Adamın işi bittikten sonra hemen odadan çıkmıştı. Kimseyle konuşmuyordum boş boş karşımdaki dolaba bakıyordum.

-"Umay iyimisin?"

Savaş'ın sorusunu duysamda kafamı çevirmemiştim.

-"Umay nolur cevap ver korkutma beni"

Öykü yanıma oturmuş sağlan olan elimi tutmuştu. Konuşmak bana bir süre haram olacaktı. Hiç kimseye cevap vermemiştim. Gözlerimi asla karşımdaki dolaptan çekmiyordum.

-"Sonra konuşursunuz çıkın dinlensin biraz"
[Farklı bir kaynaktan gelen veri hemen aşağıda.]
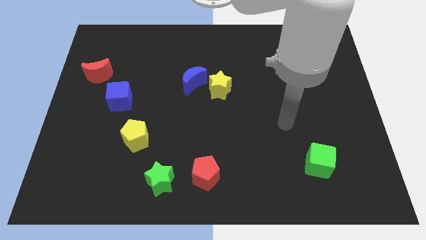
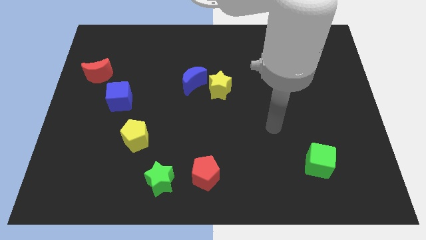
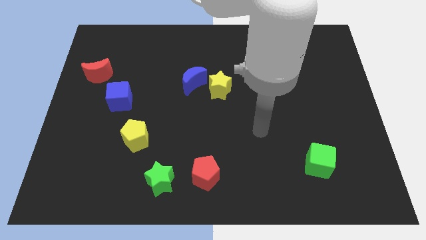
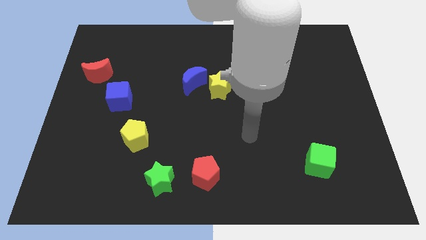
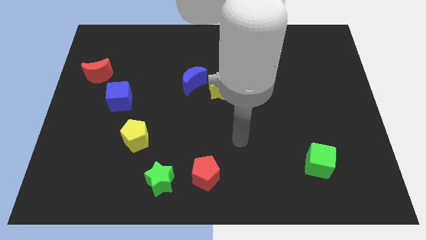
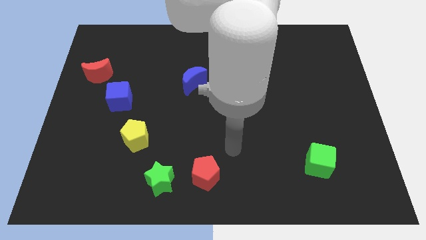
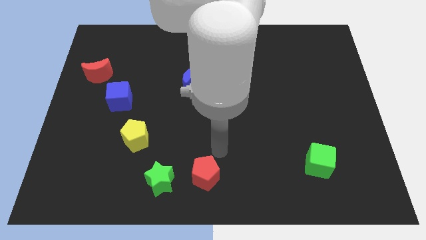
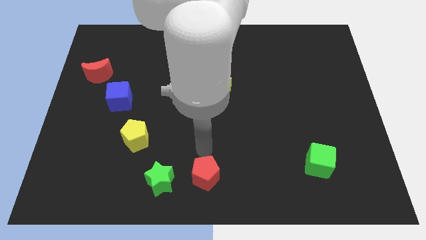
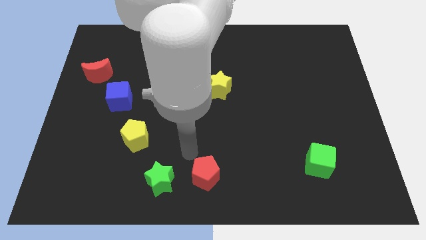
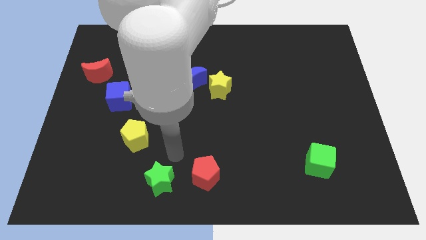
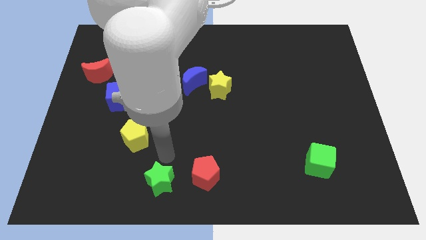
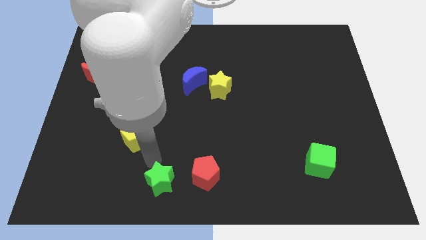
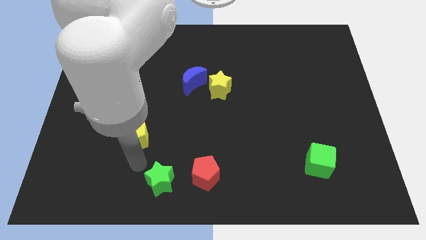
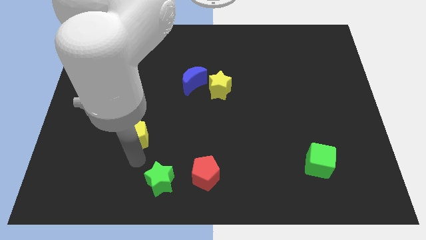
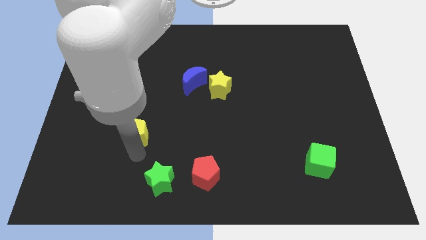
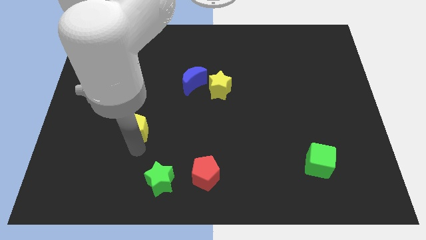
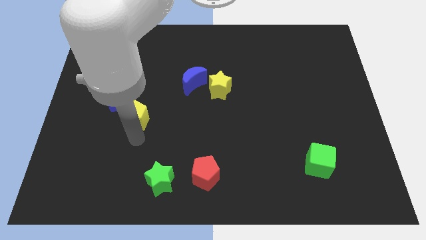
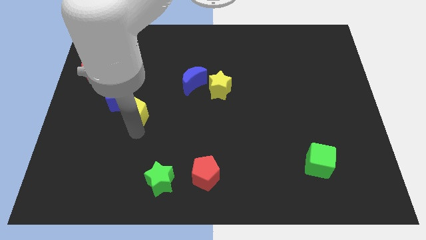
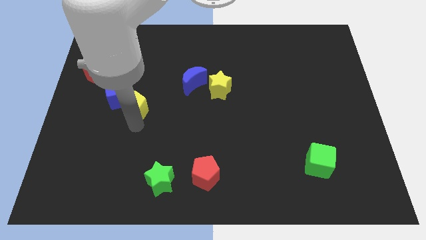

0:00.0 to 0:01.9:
slightly slide the yellow pentagon upwards

Polat'ın konuşmasıyla mecburen odadan çıkmışlardı. Üzerime çöken yorgunluk ile biraz aşağıya kayıp kafamı yastığa koydum. Gözlerimi kapatıp yorgun bedenimi uykuya teslim ederken üzerime örtülen pike ve anlıma konan öpücük son hatırladığım şeylerdi.